+++ DATA SHOWN

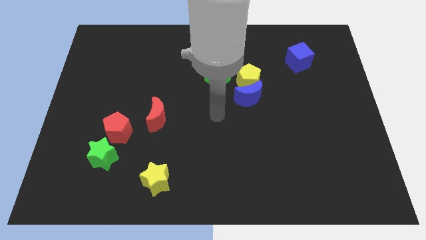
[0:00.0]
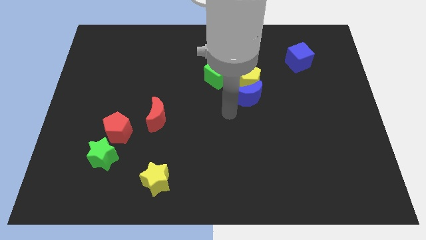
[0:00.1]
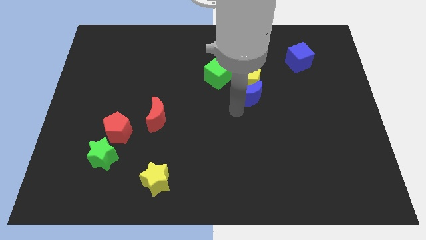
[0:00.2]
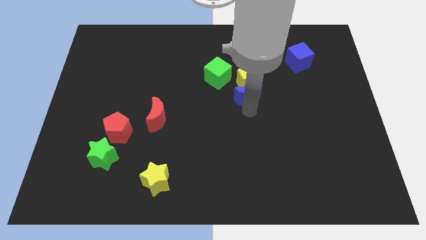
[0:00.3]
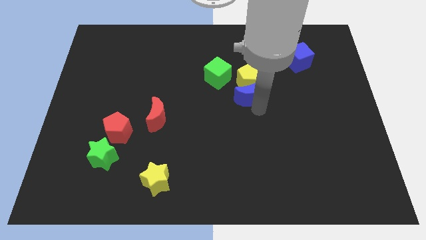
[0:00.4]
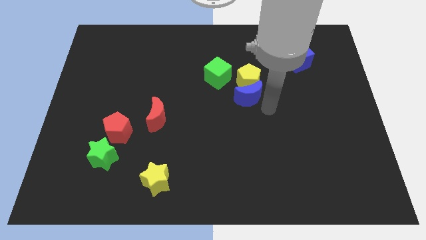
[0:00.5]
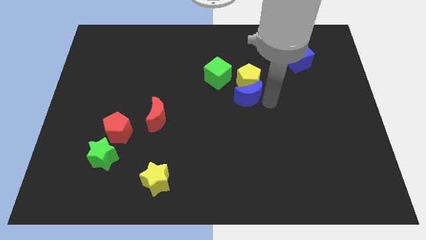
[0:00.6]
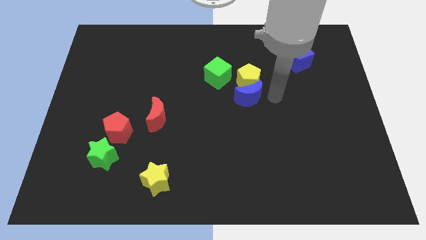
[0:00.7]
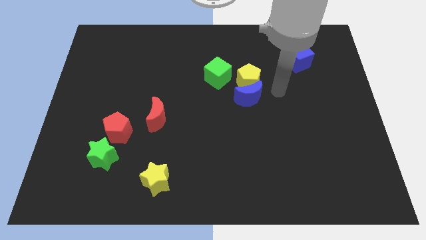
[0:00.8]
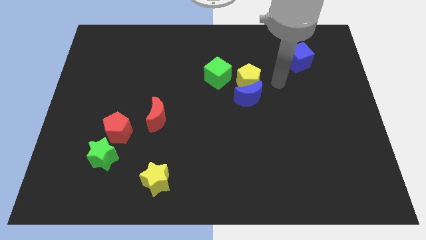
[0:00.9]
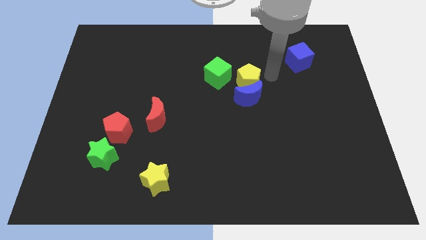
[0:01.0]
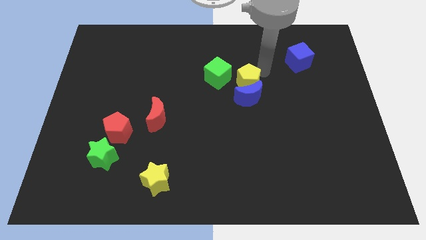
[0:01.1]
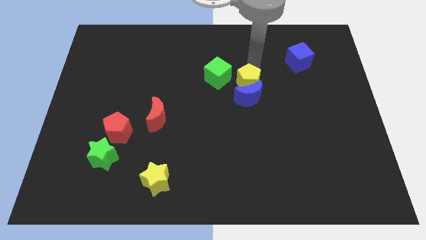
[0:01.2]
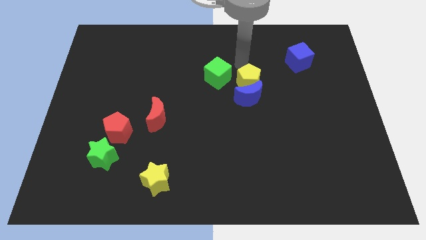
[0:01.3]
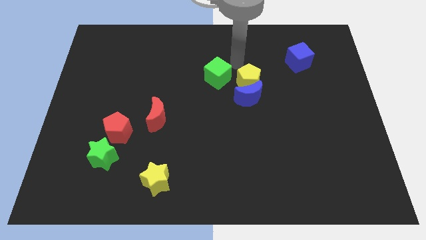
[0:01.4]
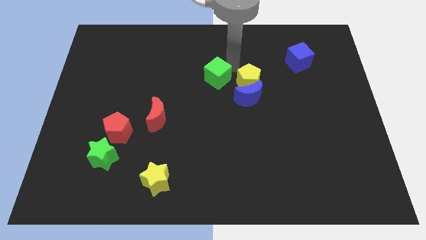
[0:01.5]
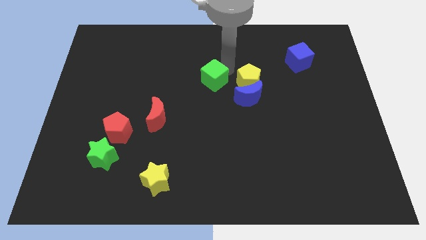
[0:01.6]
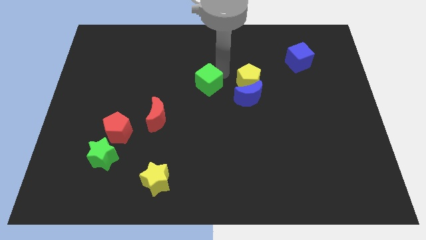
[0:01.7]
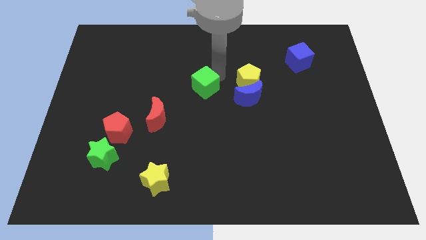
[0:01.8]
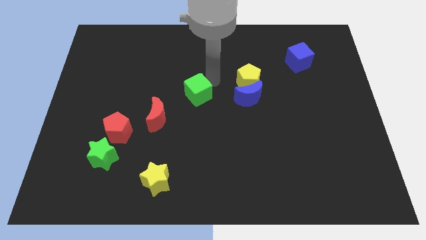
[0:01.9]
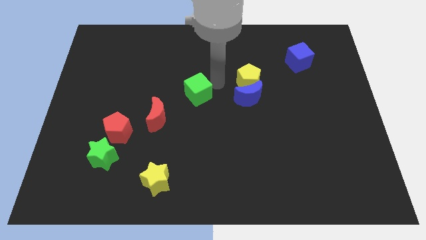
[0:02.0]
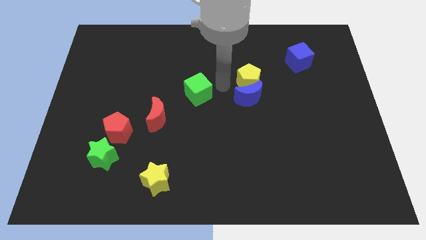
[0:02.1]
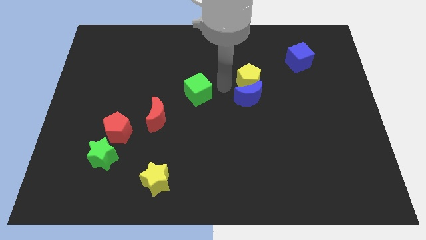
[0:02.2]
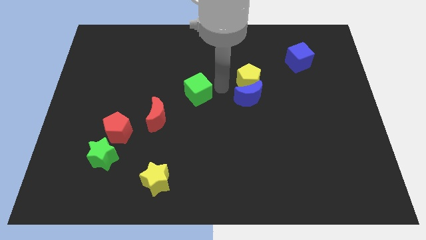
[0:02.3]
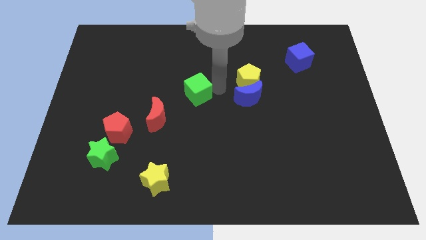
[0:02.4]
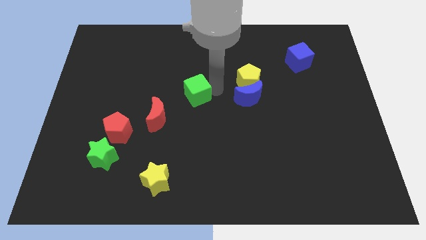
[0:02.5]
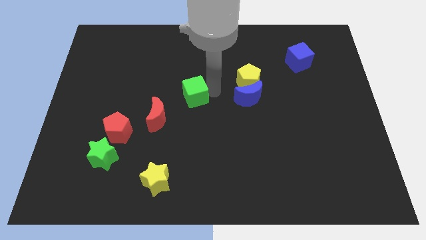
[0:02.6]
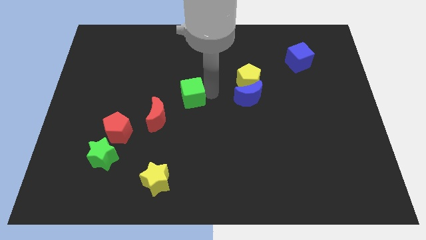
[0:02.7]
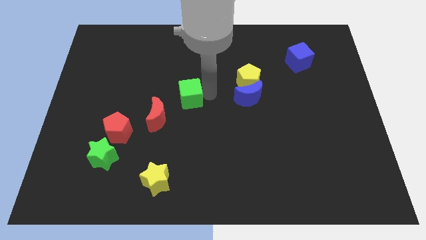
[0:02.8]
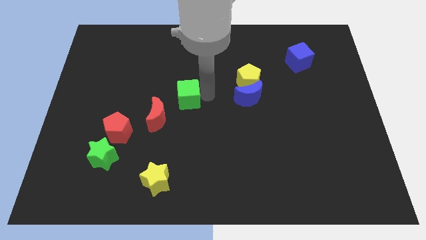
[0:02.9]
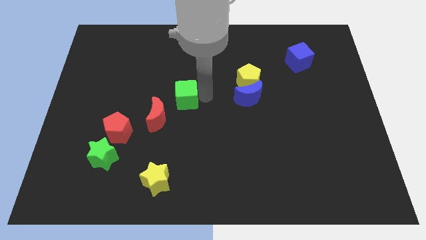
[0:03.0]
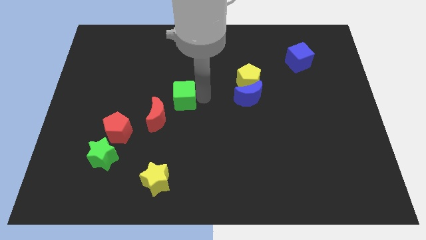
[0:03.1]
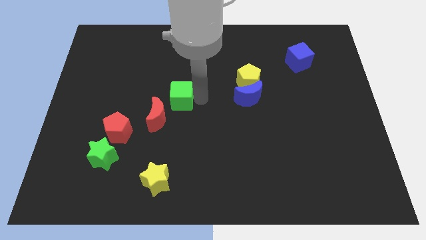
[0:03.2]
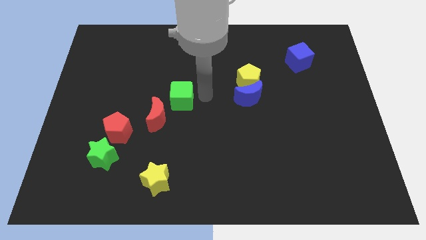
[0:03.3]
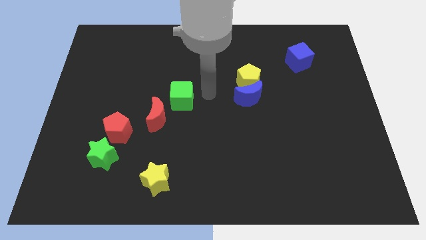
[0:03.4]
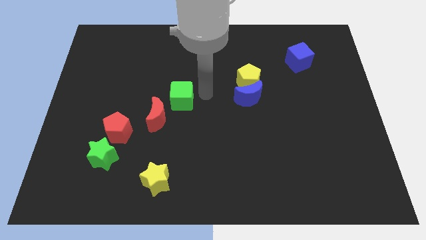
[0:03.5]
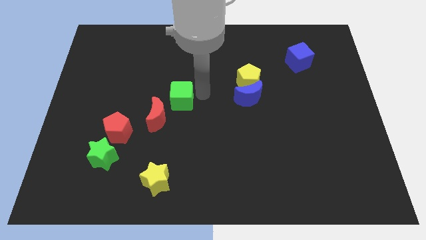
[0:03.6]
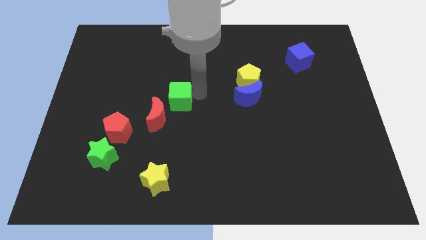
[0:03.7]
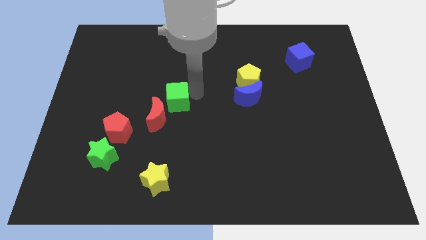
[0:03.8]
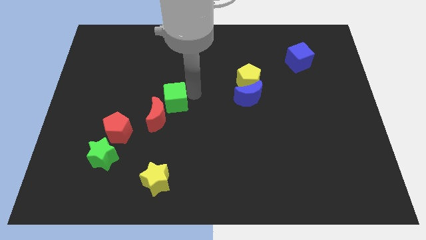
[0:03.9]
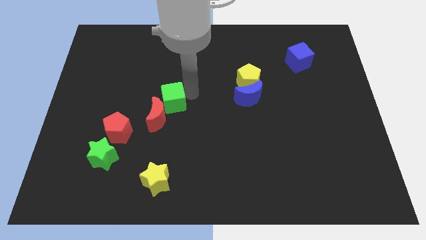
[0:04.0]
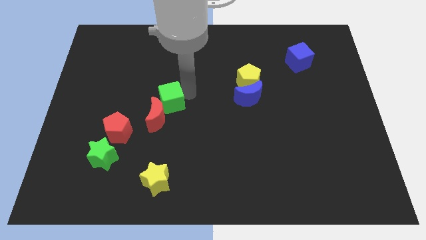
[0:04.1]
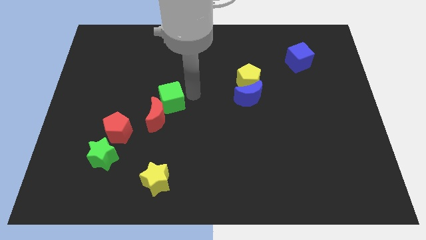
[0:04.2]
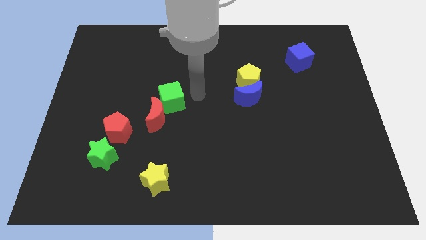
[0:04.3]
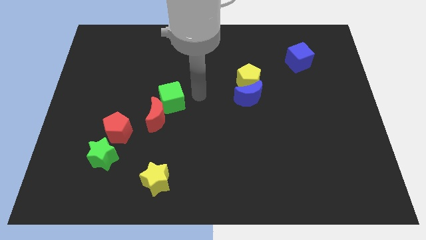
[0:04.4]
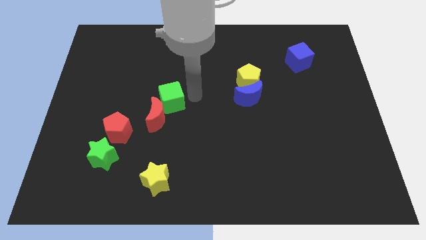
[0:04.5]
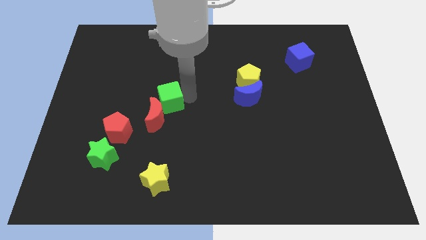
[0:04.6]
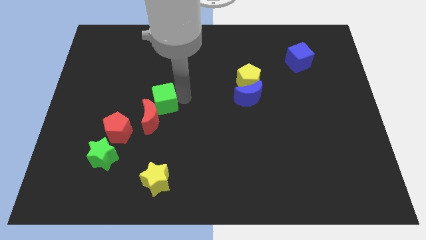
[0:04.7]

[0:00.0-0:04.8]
put the green cube to the top right side of the red pentagon

++++++

### WORK TO COMPLETE
The answer should be the records above, unchanged, with the pictures omitted.

### FINAL ANSWER
[0:00.0]
[0:00.1]
[0:00.2]
[0:00.3]
[0:00.4]
[0:00.5]
[0:00.6]
[0:00.7]
[0:00.8]
[0:00.9]
[0:01.0]
[0:01.1]
[0:01.2]
[0:01.3]
[0:01.4]
[0:01.5]
[0:01.6]
[0:01.7]
[0:01.8]
[0:01.9]
[0:02.0]
[0:02.1]
[0:02.2]
[0:02.3]
[0:02.4]
[0:02.5]
[0:02.6]
[0:02.7]
[0:02.8]
[0:02.9]
[0:03.0]
[0:03.1]
[0:03.2]
[0:03.3]
[0:03.4]
[0:03.5]
[0:03.6]
[0:03.7]
[0:03.8]
[0:03.9]
[0:04.0]
[0:04.1]
[0:04.2]
[0:04.3]
[0:04.4]
[0:04.5]
[0:04.6]
[0:04.7]

[0:00.0-0:04.8]
put the green cube to the top right side of the red pentagon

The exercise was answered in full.